The bill appears aimed in part at maritime rescue NGO vessels, which routinely retrieve migrants from unseaworthy craft in international waters and then disembark them in Italian ports. The Meloni government has previously instituted a range of policy measures to reduce NGO vessel effectiveness, like minimizing the number of NGO rescues per trip and requiring maximum-distance transits to northern Italy for offloading, with vessel arrests and financial penalties for noncompliance. 

The new naval-blockade provision - if activated - would allow fines of up to about $60,000 for blockade-running vessels with migrants on board, or vessel confiscation by the Italian state for repeat offenders. NGO vessels are the only transport providers making multiple trips in and out of Italian waters, and if they continued operations during a declared 30-day blockade, they would appear to fall afoul of this provision. 

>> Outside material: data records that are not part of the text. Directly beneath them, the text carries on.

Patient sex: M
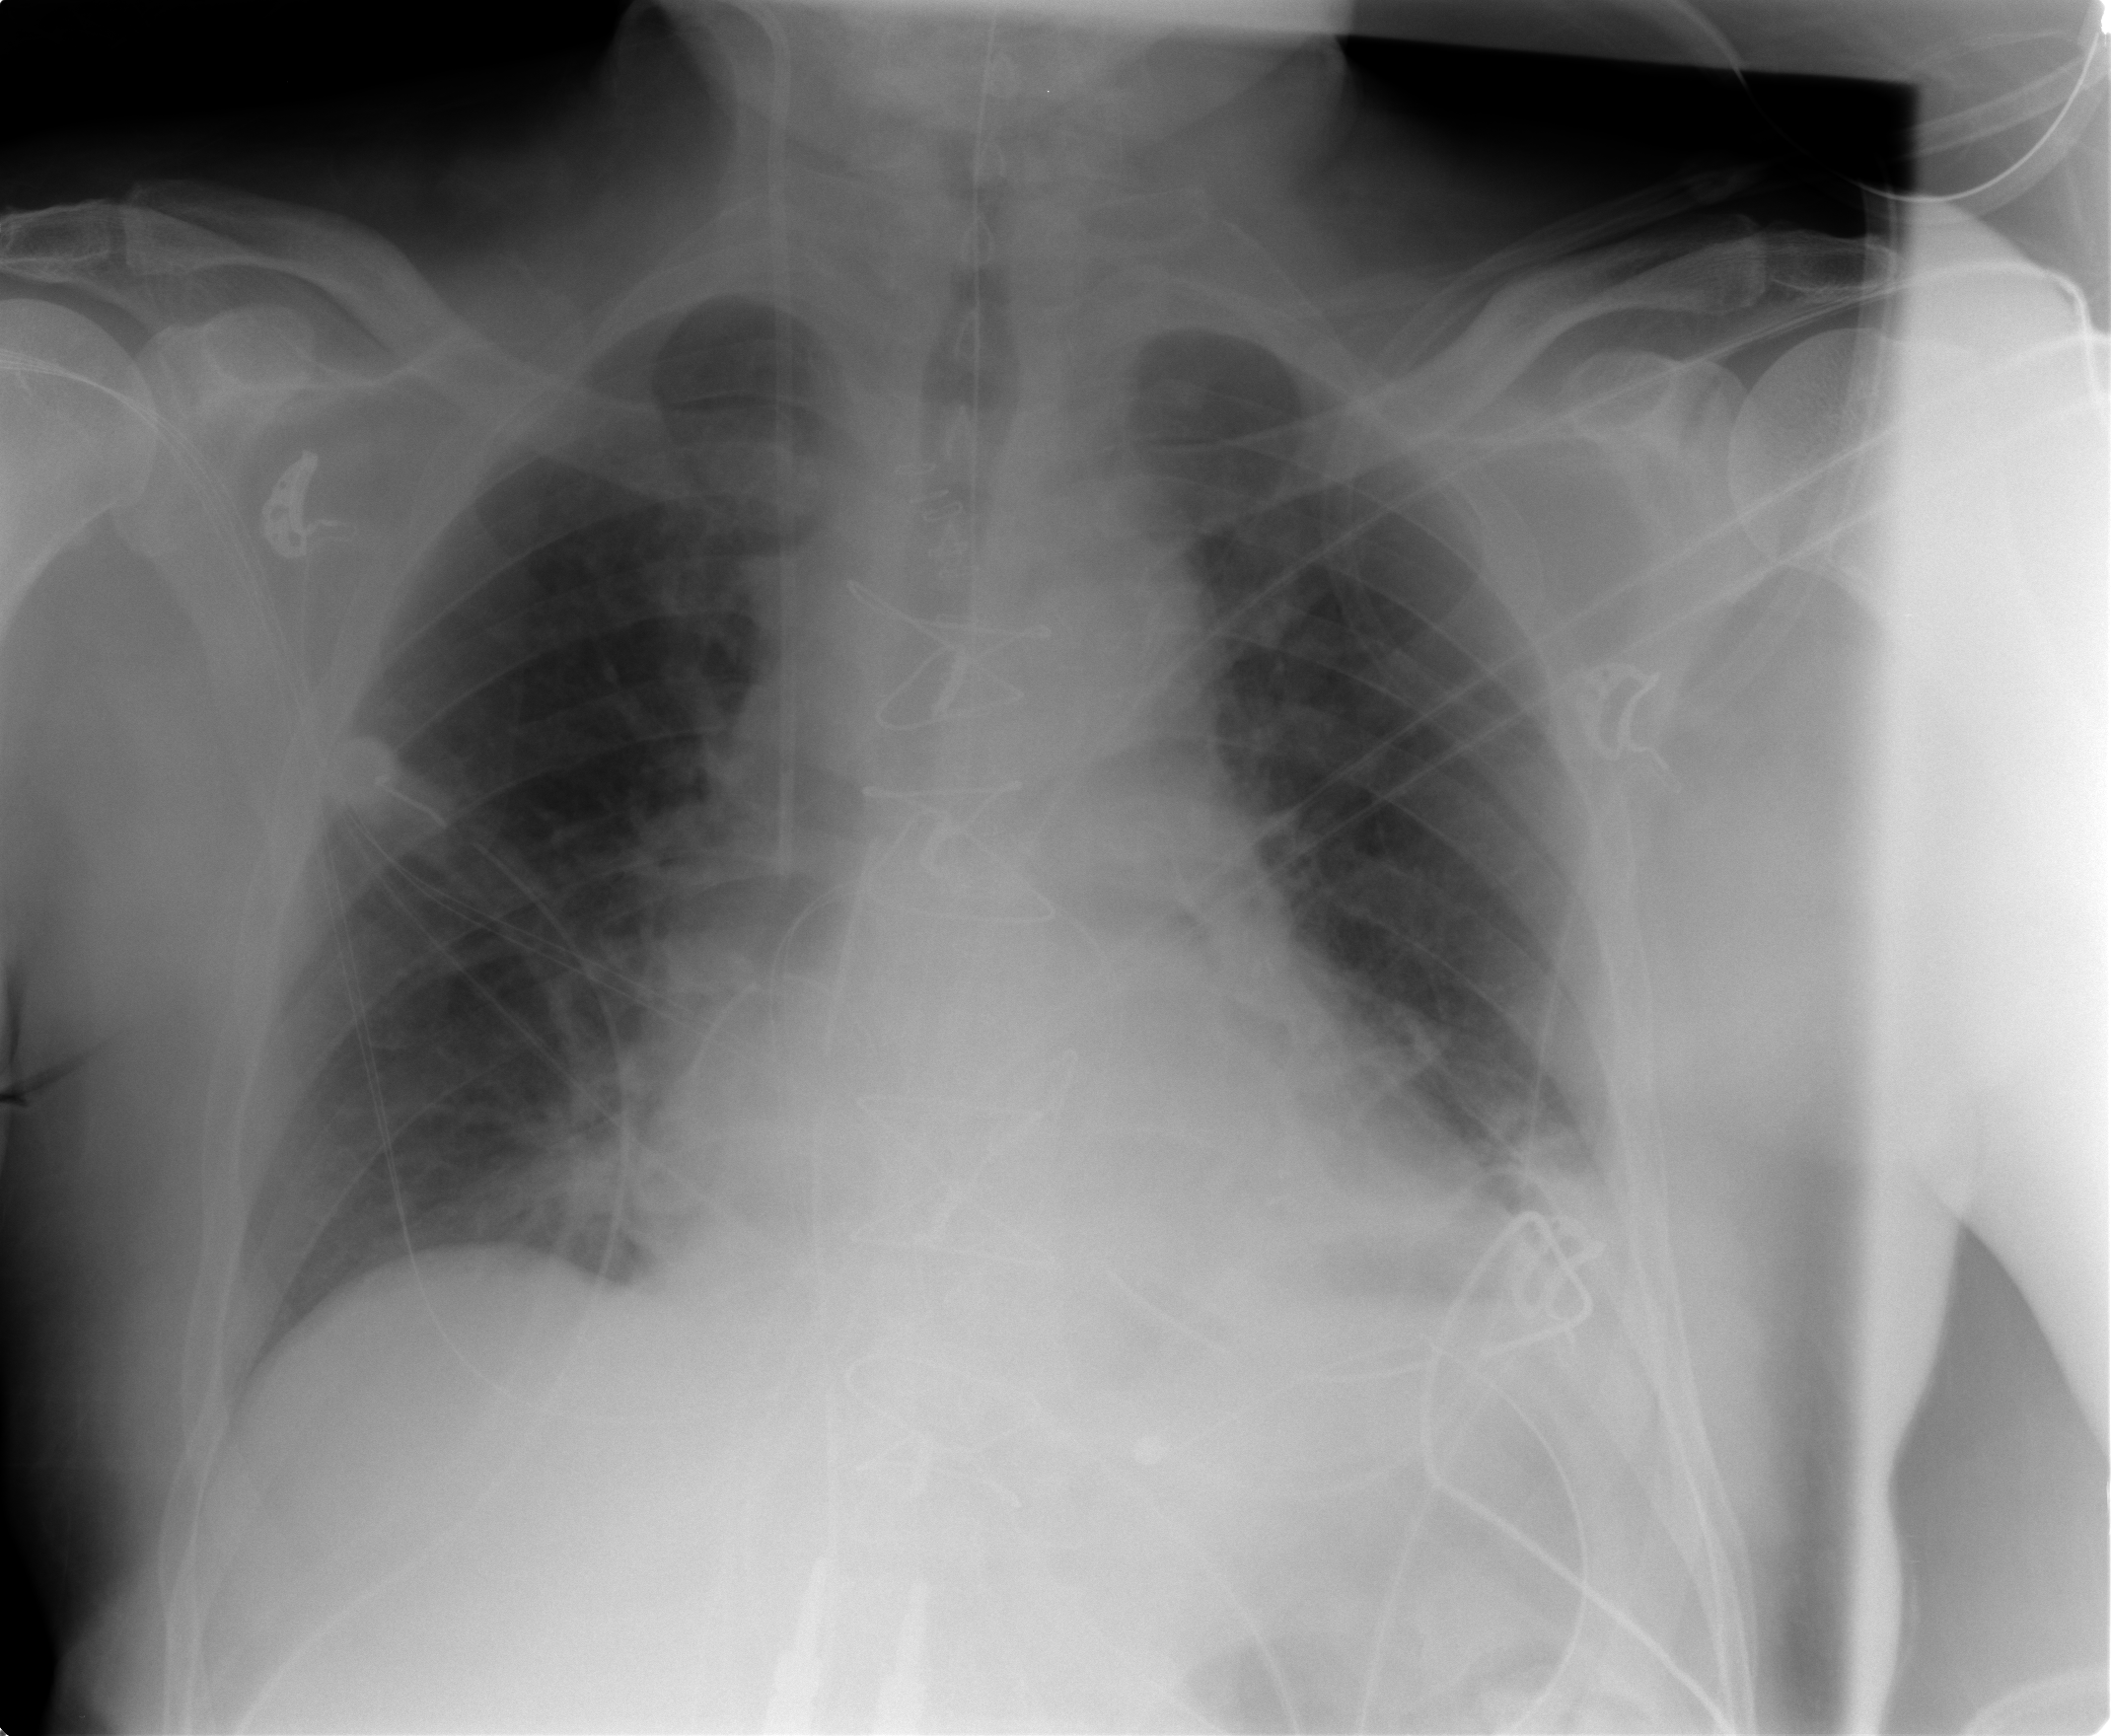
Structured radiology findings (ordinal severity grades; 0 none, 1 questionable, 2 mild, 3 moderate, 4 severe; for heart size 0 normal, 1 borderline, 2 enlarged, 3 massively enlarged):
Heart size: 2
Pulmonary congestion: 1
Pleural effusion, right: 0
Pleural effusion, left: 2
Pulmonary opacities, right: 0
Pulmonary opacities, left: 0
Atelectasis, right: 0
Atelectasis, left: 2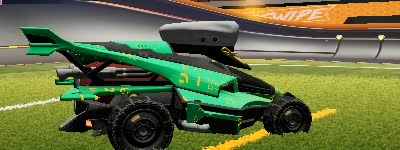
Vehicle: aftershock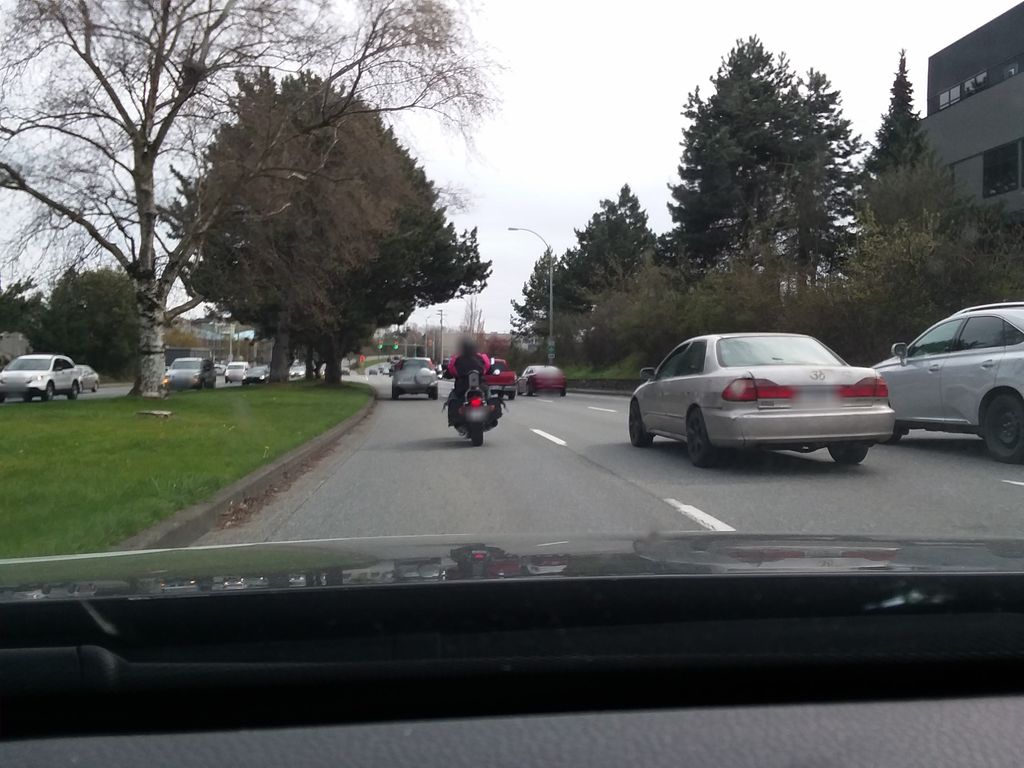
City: victoria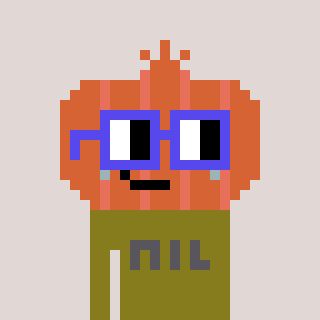
a pixel art character with square blue glasses, a onion-shaped head and a gunk-colored body on a warm background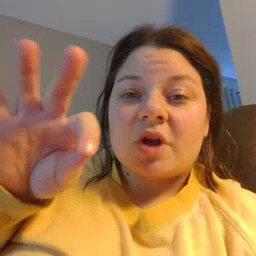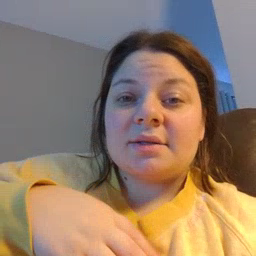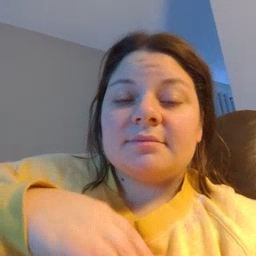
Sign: frenchfries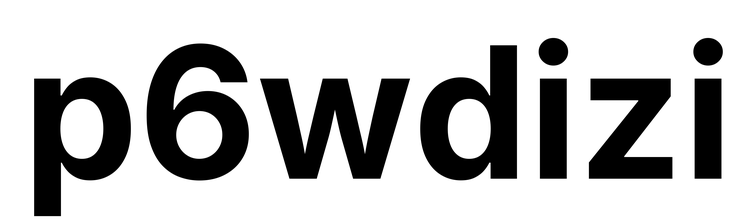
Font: Inter_Bold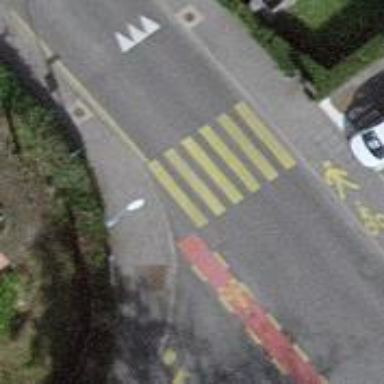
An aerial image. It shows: Uncontrolled zebra crossing on the road.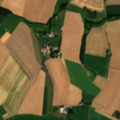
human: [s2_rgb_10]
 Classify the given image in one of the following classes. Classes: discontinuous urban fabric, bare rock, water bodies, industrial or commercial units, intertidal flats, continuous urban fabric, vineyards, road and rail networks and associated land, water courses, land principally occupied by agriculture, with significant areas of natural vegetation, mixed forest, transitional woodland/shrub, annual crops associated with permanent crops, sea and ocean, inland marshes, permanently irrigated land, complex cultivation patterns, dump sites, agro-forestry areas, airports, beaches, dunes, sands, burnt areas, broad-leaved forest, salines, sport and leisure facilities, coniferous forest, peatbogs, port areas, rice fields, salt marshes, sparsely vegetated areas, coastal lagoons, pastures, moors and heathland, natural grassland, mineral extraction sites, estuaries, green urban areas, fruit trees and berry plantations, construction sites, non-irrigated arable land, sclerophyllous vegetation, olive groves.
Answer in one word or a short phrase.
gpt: non-irrigated arable land, pastures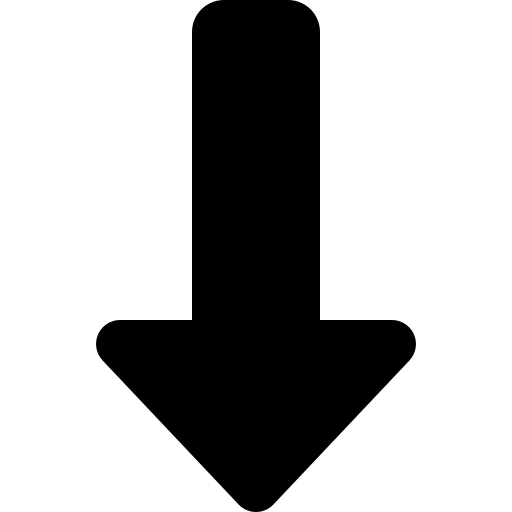
Tags: icon, FontAwesome, fa-icon, solid, down, long
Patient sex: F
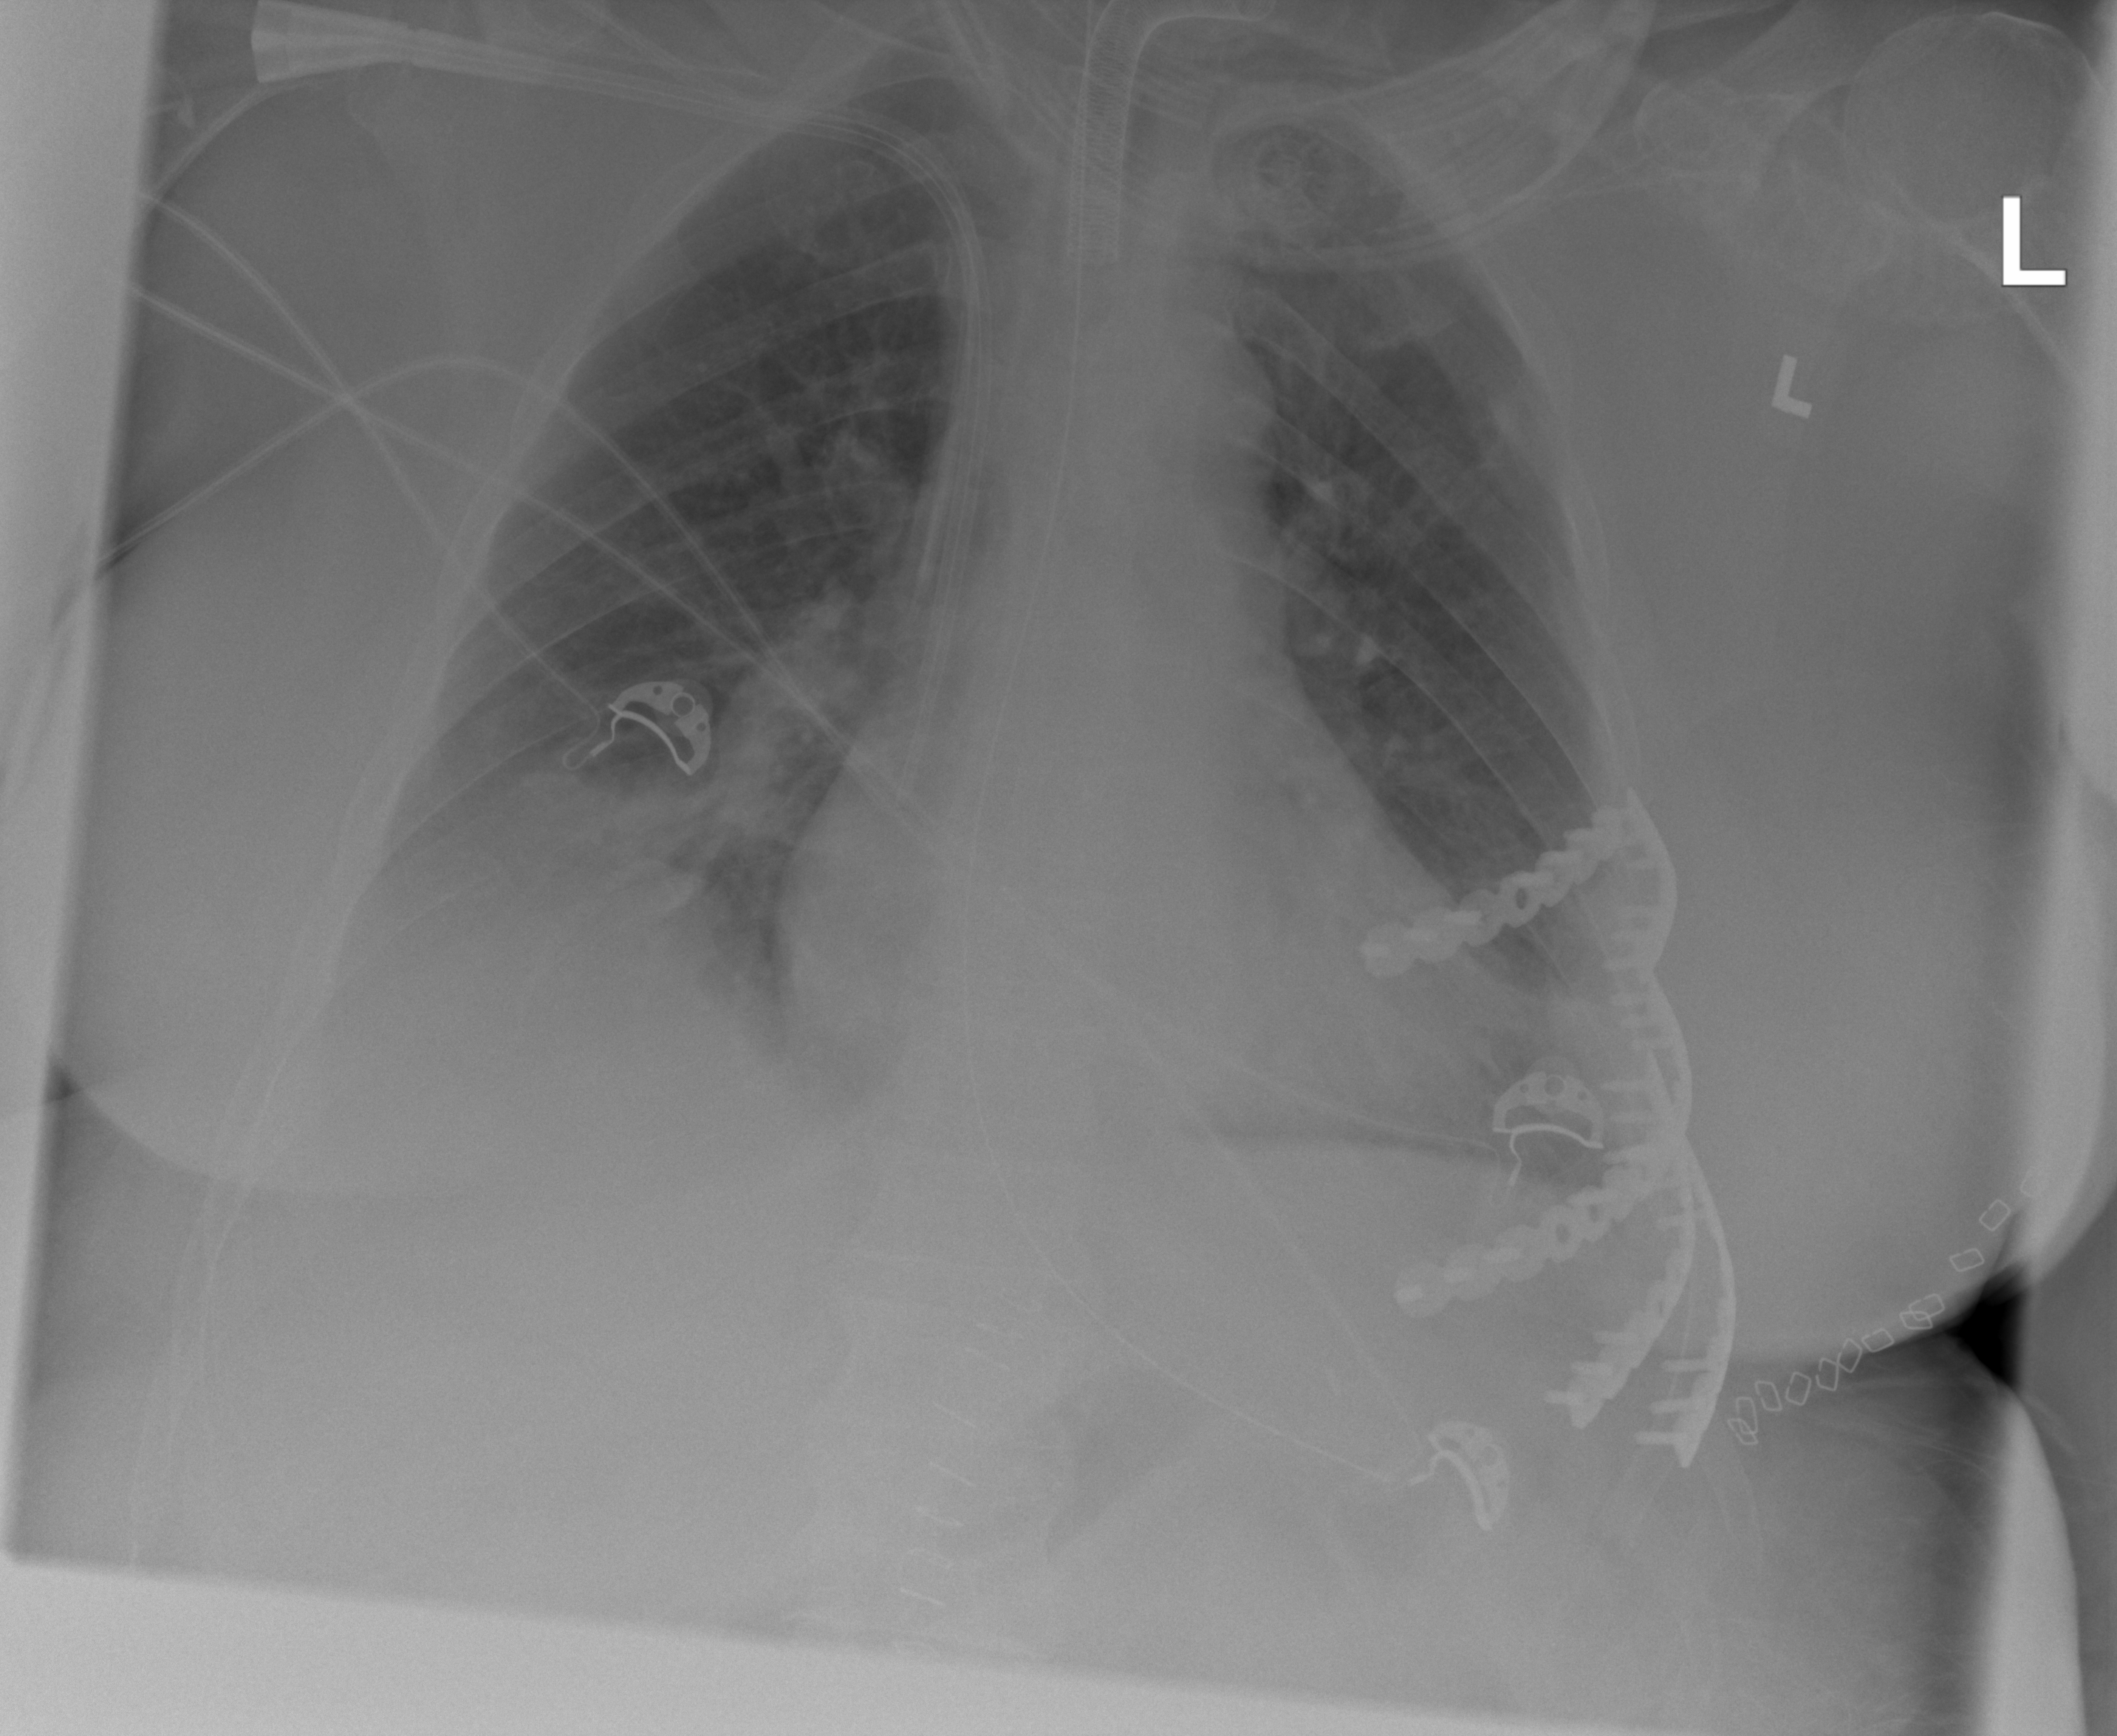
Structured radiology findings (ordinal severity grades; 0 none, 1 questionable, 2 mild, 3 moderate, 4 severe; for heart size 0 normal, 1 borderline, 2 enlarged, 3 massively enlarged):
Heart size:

The bill would also enable Meloni's government to deport migrants intercepted at sea to third countries - not their nations of origin. The European Parliament has just approved parallel language allowing deportation to designated safe countries with a formal agreement with an EU member state, the first step towards EU-linked "offshore return hubs" that would receive migrants for processing elsewhere. The EU-listed "safe" third countries include Turkey, Georgia, Kosovo, Egypt, Tunisia, Morocco, India and Bangladesh. (In a statement, 39 human rights and rescue NGOs voiced opposition to the inclusion of Tunisia in the list, citing evidence of abuses.)

Italy's legislature would have to approve the naval-blockade bill in order for it to take effect.